While descriptors provide a powerful mechanism for managing attribute access, Python classes inherently rely on a dictionary (__dict__) to store instance attributes. This offers tremendous flexibility but comes with a memory cost: every instance must allocate a dictionary, which can be significant when creating many small objects. The __slots__ class variable offers a high-performance alternative by fundamentally changing how instances store their data.

How slots Replaces dict

When you define __slots__ in a class, you are instructing the Python interpreter to create a fixed set of names (slots) for attributes on each instance. Instead of a dynamic dictionary, the interpreter reserves space for a small, fixed-length array (a C-style struct) within each instance to hold the values for these predefined attributes. This transformation happens deep within the object creation machinery.

class PointWithSlots:
    __slots__ = ('x', 'y')  # Defines the only two allowed attributes

    def __init__(self, x, y):
        self.x = x
        self.y = y

p = PointWithSlots(5, 10)
print(p.x)  # Output: 5
print(p.y)  # Output: 10

# This will raise an AttributeError because 'z' is not in __slots__
try:
    p.z = 15
except AttributeError as e:
    print(e)  # Output: 'PointWithSlots' object has no attribute 'z'

# The instance no longer has a __dict__ attribute
print(hasattr(p, '__dict__'))  # Output: False

The Memory and Performance Advantages

The primary motivation for __slots__ is efficiency. A __dict__ has significant overhead: it is a hash table that must be allocated and, even when empty, consumes a non-trivial amount of memory (typically several hundred bytes on a 64-bit platform). In contrast, an instance with __slots__ only stores its attributes as direct references in the pre-allocated array. This can lead to dramatic memory savings when creating large numbers of instances. For example, a class holding two integers might see its instance size reduced from over 200 bytes to just 64 bytes.

This memory efficiency also translates into speed. Attribute access is faster because it involves a simple lookup in a fixed-size array at a known offset, bypassing the hash table lookup required for __dict__. This performance boost is most noticeable in tight loops.

Interaction with Descriptors and Inheritance

The mechanism behind __slots__ is implemented using descriptors. When you define __slots__ = ('x', 'y'), the class automatically creates a descriptor for each named slot. These descriptors are not the full-featured descriptors we write ourselves but lean, internal “member descriptors” that manage the storage and retrieval of values from the instance’s fixed array.

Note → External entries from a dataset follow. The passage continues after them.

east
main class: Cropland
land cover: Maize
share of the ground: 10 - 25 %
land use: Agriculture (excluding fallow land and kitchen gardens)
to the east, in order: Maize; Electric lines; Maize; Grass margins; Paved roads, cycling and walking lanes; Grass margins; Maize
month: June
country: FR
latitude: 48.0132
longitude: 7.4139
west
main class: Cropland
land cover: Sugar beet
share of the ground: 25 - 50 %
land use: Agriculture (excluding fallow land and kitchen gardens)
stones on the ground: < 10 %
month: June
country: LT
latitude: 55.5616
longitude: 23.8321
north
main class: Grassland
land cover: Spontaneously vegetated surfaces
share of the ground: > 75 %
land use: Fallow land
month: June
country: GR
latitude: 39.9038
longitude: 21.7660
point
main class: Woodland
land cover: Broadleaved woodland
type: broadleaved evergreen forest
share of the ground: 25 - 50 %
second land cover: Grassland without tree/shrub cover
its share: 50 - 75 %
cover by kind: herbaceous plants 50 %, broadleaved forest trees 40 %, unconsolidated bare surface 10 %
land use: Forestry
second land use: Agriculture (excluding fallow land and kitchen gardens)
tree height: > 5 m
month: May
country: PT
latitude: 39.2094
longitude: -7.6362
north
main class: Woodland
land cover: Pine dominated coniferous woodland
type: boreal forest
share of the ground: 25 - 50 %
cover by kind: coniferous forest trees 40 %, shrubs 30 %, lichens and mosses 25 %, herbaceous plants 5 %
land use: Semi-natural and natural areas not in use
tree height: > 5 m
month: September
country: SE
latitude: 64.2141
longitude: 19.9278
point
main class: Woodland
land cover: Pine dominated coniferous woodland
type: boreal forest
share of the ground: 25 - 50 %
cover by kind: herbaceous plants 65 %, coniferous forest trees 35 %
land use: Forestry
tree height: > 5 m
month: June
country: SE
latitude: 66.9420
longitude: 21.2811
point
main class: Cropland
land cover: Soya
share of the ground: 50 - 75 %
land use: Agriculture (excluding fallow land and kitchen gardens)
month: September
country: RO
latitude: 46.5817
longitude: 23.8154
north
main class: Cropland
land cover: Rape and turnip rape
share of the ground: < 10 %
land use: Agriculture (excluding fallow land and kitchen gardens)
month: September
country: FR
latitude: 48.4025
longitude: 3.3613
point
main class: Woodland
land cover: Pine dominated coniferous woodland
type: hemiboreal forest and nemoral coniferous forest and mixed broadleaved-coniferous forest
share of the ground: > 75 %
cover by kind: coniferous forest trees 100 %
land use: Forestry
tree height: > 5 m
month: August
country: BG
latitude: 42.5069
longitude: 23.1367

Inheritance with __slots__ requires careful consideration. If a subclass does not define its own __slots__, it will inherit the parent’s __slots__ but will also gain a __dict__, allowing for the dynamic assignment of new attributes and negating some of the memory benefits. If a subclass defines its own __slots__, it should include the slots from all parent classes. The interpreter handles this by merging the slots, and the instance reserves space for all of them.

class Base:
    __slots__ = ('base_attr',)

class Derived(Base):
    __slots__ = ('derived_attr',)  # Effectively __slots__ = ('base_attr', 'derived_attr')

d = Derived()
d.base_attr = 'value'
d.derived_attr = 'other_value'

# This will fail because 'new_attr' is not in the merged slots
try:
    d.new_attr = 'fail'
except AttributeError as e:
    print(e)

Common Pitfalls and Best Practices

  1. Incompatibility with Weak References: By default, classes using __slots__ do not support weak references. To enable them, you must explicitly include '__weakref__' in your __slots__ declaration.

  2. Default Values: You cannot provide default values for slotted attributes by assigning them at the class level. This assignment would create a class attribute, which is shadowed by the instance slot descriptor. Defaults must be set in the __init__ method.

    class BadExample:
        __slots__ = ('name',)
        name = "default"  # This is a class attribute, not an instance default.
    
    b = BadExample()
    # The instance starts out without its 'name' attribute defined.
    print(b.name)  # This actually prints the class attribute: "default"
    b.name = "instance"  # Now the instance slot is populated.
    print(b.name)  # Output: "instance"
    del b.name
    print(b.name)  # Falls back to the class attribute: "default"
    
  3. Tooling and Library Interoperability: Many libraries (e.g., ORMs like SQLAlchemy, serialization frameworks) rely on __dict__ to introspect and manipulate objects. Using __slots__ can break this functionality unless the library has explicit support for it.

  4. When to Use: Reserve __slots__ for classes that are instantiated abundantly (thousands to millions of times) and where memory profiling has confirmed a bottleneck. It is an optimization tool, not a default coding practice. For most general-purpose classes, the flexibility of __dict__ outweighs the performance gains.